Directions for this task: With every picture left out, give the data below back exactly.

Listed entries:
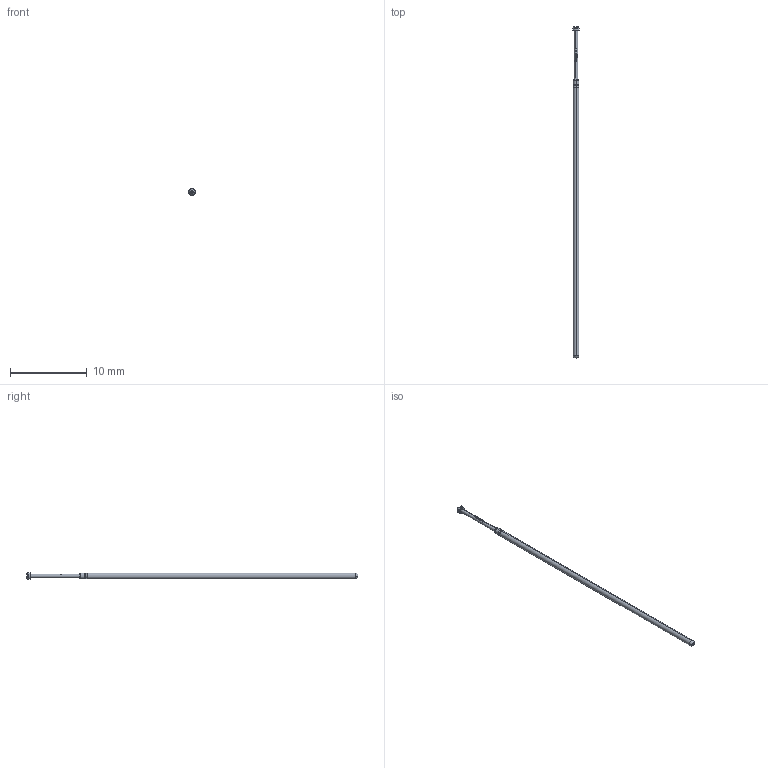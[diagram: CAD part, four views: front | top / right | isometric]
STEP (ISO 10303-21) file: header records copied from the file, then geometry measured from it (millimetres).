
FILE_DESCRIPTION (( 'STEP AP203' ), '1' );
FILE_NAME ('INGUN_GKS-050_306_090_A_xx00.STEP', '2021-09-14T08:34:43', ( 'ochi' ), ( '' ), 'SwSTEP 2.0', 'SolidWorks 2018', '' );
FILE_SCHEMA (( 'CONFIG_CONTROL_DESIGN' ));
Length unit declared in the file: millimetre
Products named in the file (1): INGUN_GKS-050_306_090_A_xx00
Bounding box: 0.9 x 43.2 x 0.9 mm (x, y, z)
Volume: 18.7 mm3; surface area: 101.7 mm2
Topology: 1 solids, 1 shells, 113 faces, 287 edges, 177 vertices
Faces by surface type: bspline 50, plane 33, cylinder 20, torus 8, sphere 2
Entity records: 4436 total; most frequent: CARTESIAN_POINT 2146, ORIENTED_EDGE 570, EDGE_CURVE 285, DIRECTION 271, VERTEX_POINT 177, B_SPLINE_CURVE_WITH_KNOTS 174, EDGE_LOOP 116, FACE_OUTER_BOUND 113

Result of the task:
[diagram: CAD part, four views: front | top / right | isometric]
STEP (ISO 10303-21) file: header records copied from the file, then geometry measured from it (millimetres).
FILE_DESCRIPTION (( 'STEP AP203' ), '1' );
FILE_NAME ('INGUN_GKS-050_306_090_A_xx00.STEP', '2021-09-14T08:34:43', ( 'ochi' ), ( '' ), 'SwSTEP 2.0', 'SolidWorks 2018', '' );
FILE_SCHEMA (( 'CONFIG_CONTROL_DESIGN' ));
Length unit declared in the file: millimetre
Products named in the file (1): INGUN_GKS-050_306_090_A_xx00
Bounding box: 0.9 x 43.2 x 0.9 mm (x, y, z)
Volume: 18.7 mm3; surface area: 101.7 mm2
Topology: 1 solids, 1 shells, 113 faces, 287 edges, 177 vertices
Faces by surface type: bspline 50, plane 33, cylinder 20, torus 8, sphere 2
Entity records: 4436 total; most frequent: CARTESIAN_POINT 2146, ORIENTED_EDGE 570, EDGE_CURVE 285, DIRECTION 271, VERTEX_POINT 177, B_SPLINE_CURVE_WITH_KNOTS 174, EDGE_LOOP 116, FACE_OUTER_BOUND 113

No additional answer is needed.